Capítulo 25
Cuando llegamos al palacete, contemplamos atónitos el seriado de números que habían dibujado en el fresco. Lo hicimos bajo la mirada atenta de uno de los vigilantes y los lamentos del conserje, que no paraba de mostrar su pesar en cuanto al estado de mi esposa y la barbarie que se había cometido con la pintura renacentista:
—El dueño cree que esos gamberros grafiteros conocían la entrada del subterráneo —dijo, señalando los números que había sobre la pintura—, hay un túnel que la comunica con una de las tapas de la red de alcantarillado. Pensábamos que nadie lo sabía. Solo era conocido por los servicios de vigilancia, por el dueño y por mí. Debía estar cerrada con ladrillos, pero aún no se ha hecho la obra porque faltaban los permisos del ayuntamiento para ello, ya que parte del entramado no se sabe si es propiedad de la Generalitat o del dueño. Son cuevas antiquísimas. Lo cierto es que el dueño, por ser honesto y dar parte del pasadizo que había descubierto cuando compró el palacete, ha pagado las consecuencias de su honradez. No sabemos si el fresco podrá ser recuperado. Pero esto es lo de menos frente a lo que le ha sucedido a su esposa. Es una verdadera profesional; si lo viera no podría soportarlo…

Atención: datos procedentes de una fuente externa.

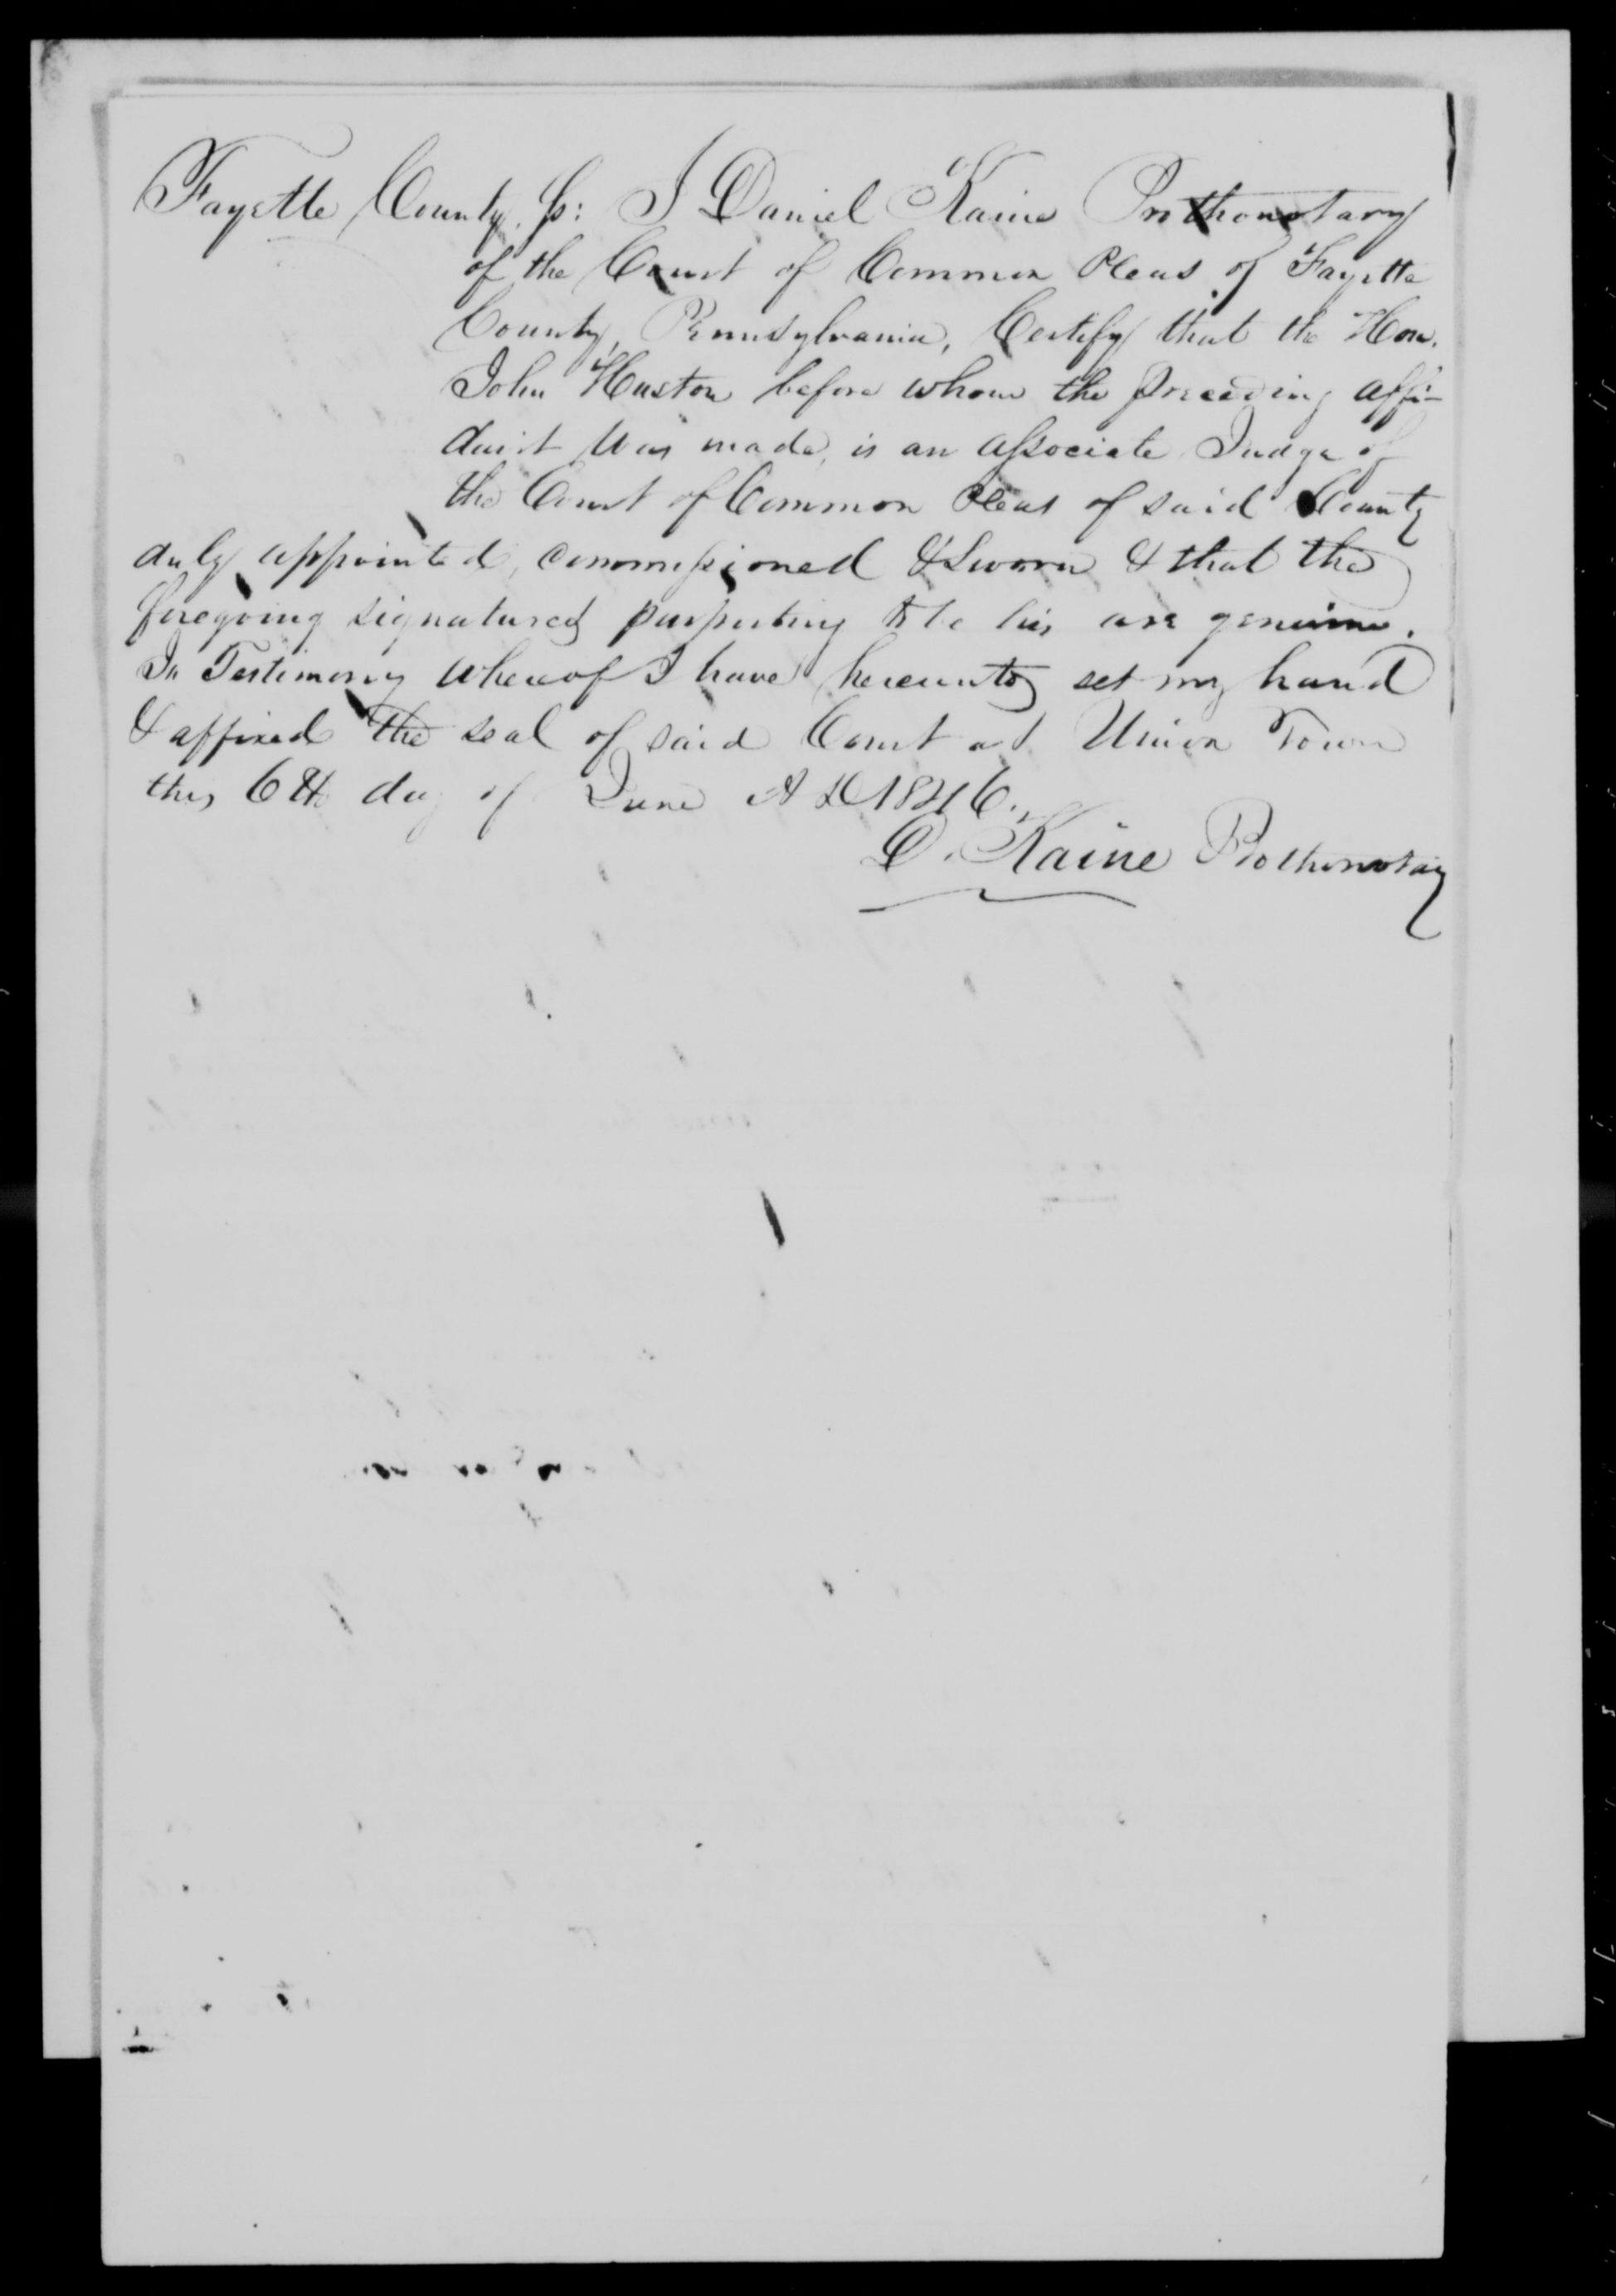Fayette County, [illegible]: I Daniel Kaine Prothonotary  of the Court of Common Pleas of Fayette County, Pennsylvania, Certify that the Hon. John Huston before whom the preceding affidavits was made is an Associate Judge of the Court of Common Pleas of said County duly appointed, commissioned, & sworn & that the foregoing signatures purporting to be his are genuine. In testimony whereof I have herewith set my hand and affixed the Seal of said Court and Union Town this 6th day of June A.D. 1846.
D. Kaine Prothonotary
[Note: No seal is showing on this document.]

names: John Huston; D Kaine; Daniel Kaine
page: 64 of 73
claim: widow's
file: W. 3197, for Peter Stillwagon, New Jersey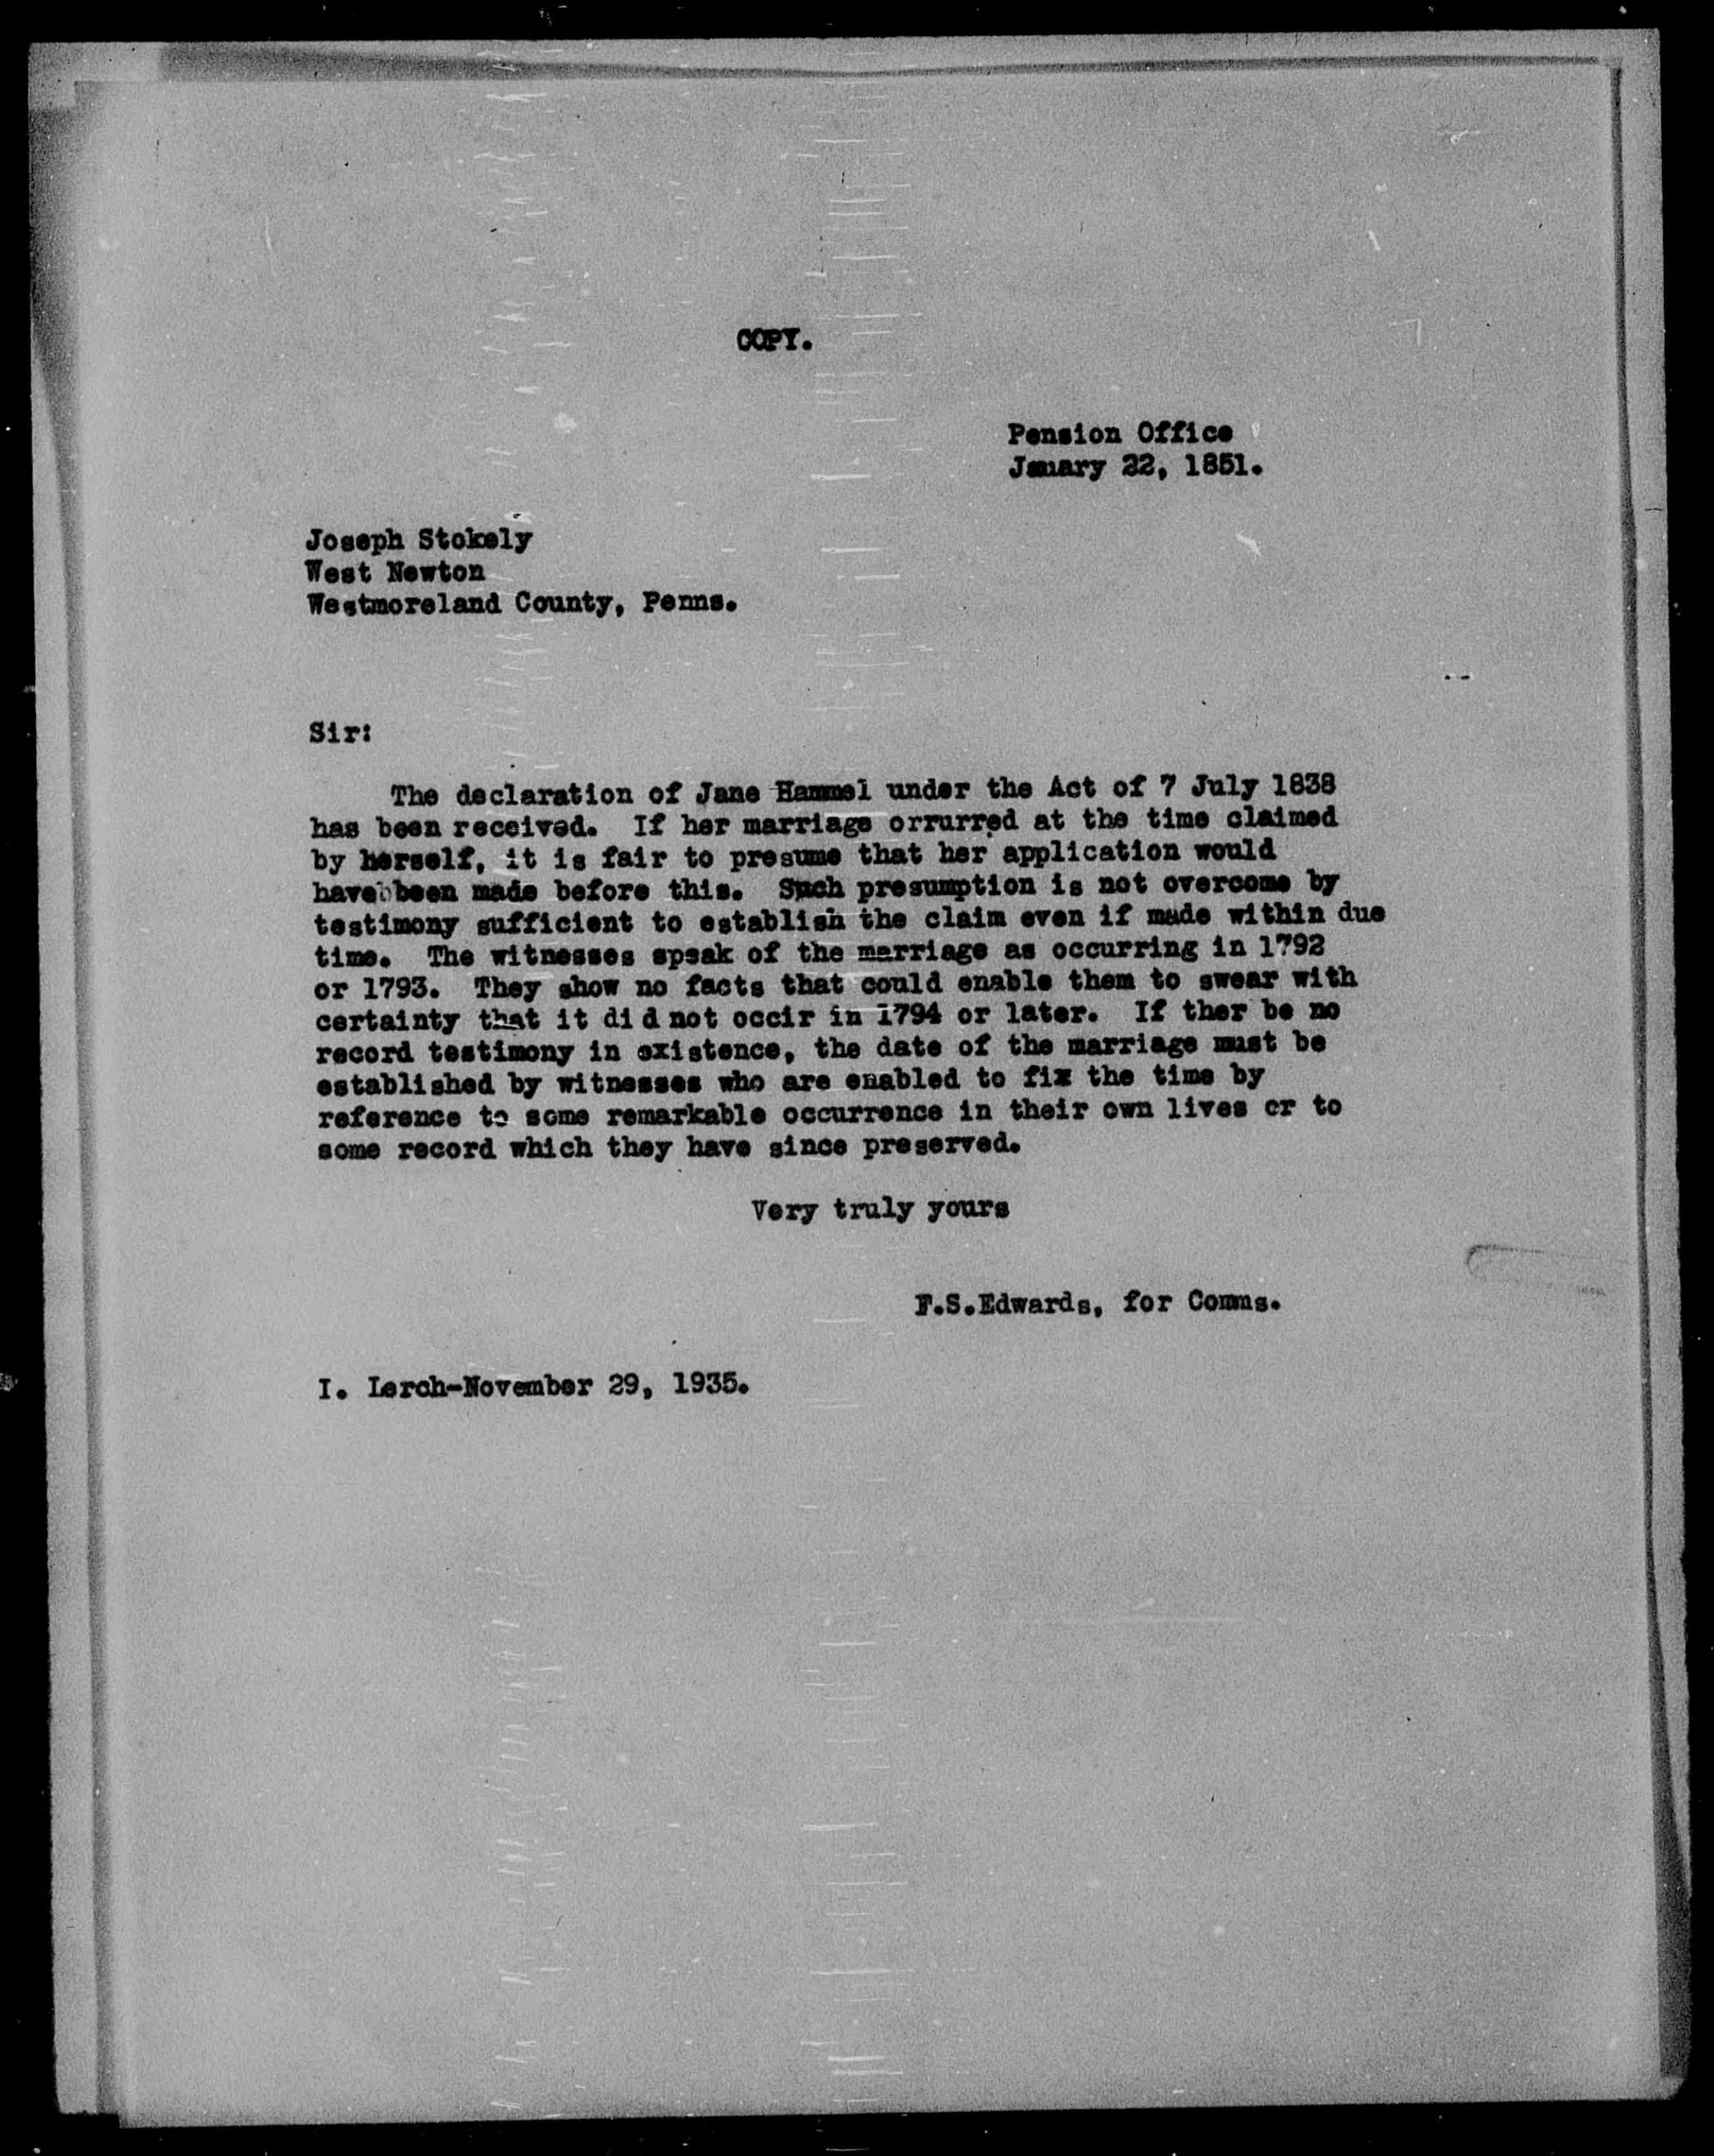COPT.
Pension Office
January 22, 1851.
Joseph Stokely
West Newton
Westmoreland County, Penns.

Sir:

The declaration of Jane Hammel under the Act of 7 July 1838 has been received. If her marriage occurred at the time claimed by herself, it is fair to presume that her application must have been made before this. Such presumption is not overcome by testimony sufficient to establish the claim even if made within due time. The witnesses speak of the marriage as occurring in 1792 or 1793. They show no facts that could enable them to swear with certainty that it did not occur in 1794 or later. If ther be no record testimony in existence, the date of the marriage must be established by witnesses who are enabled to fix the time by reference to some remarkable occurrence in their own lives or to some record which they have since preserved.
Very truly yours

F.S. Edwards, for Comms.
I. Lerch-November 29, 1935.

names: Joseph Stokely, F S Edwards, Jane Hammel
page: 89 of 92
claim: widow's
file: W 1173, Robert Hamill, Penn.

Daniel se acercó y, tras mirar los números, dijo:
—No se preocupe, no es pintura plástica, es óleo. Se irá con facilidad. En manos de un buen restaurador no será algo muy complicado, sí lento, pero posible y de resultados satisfactorios. En el convento nos sucedió lo mismo y conseguimos recuperar el fresco afectado que se situaba en la capilla de uso público. Y entonces, no había los materiales ni disponíamos de los conocimientos que hay ahora sobre restauración. Es evidente que la persona que lo ha hecho quería llamar la atención sobre sus dibujos, pero nada más. No creo que quisiera dañar irreversiblemente la pintura, de lo contrario lo habría hecho de otra forma. Le garantizo que no es spray —dijo Daniel mirando de cerca el fresco.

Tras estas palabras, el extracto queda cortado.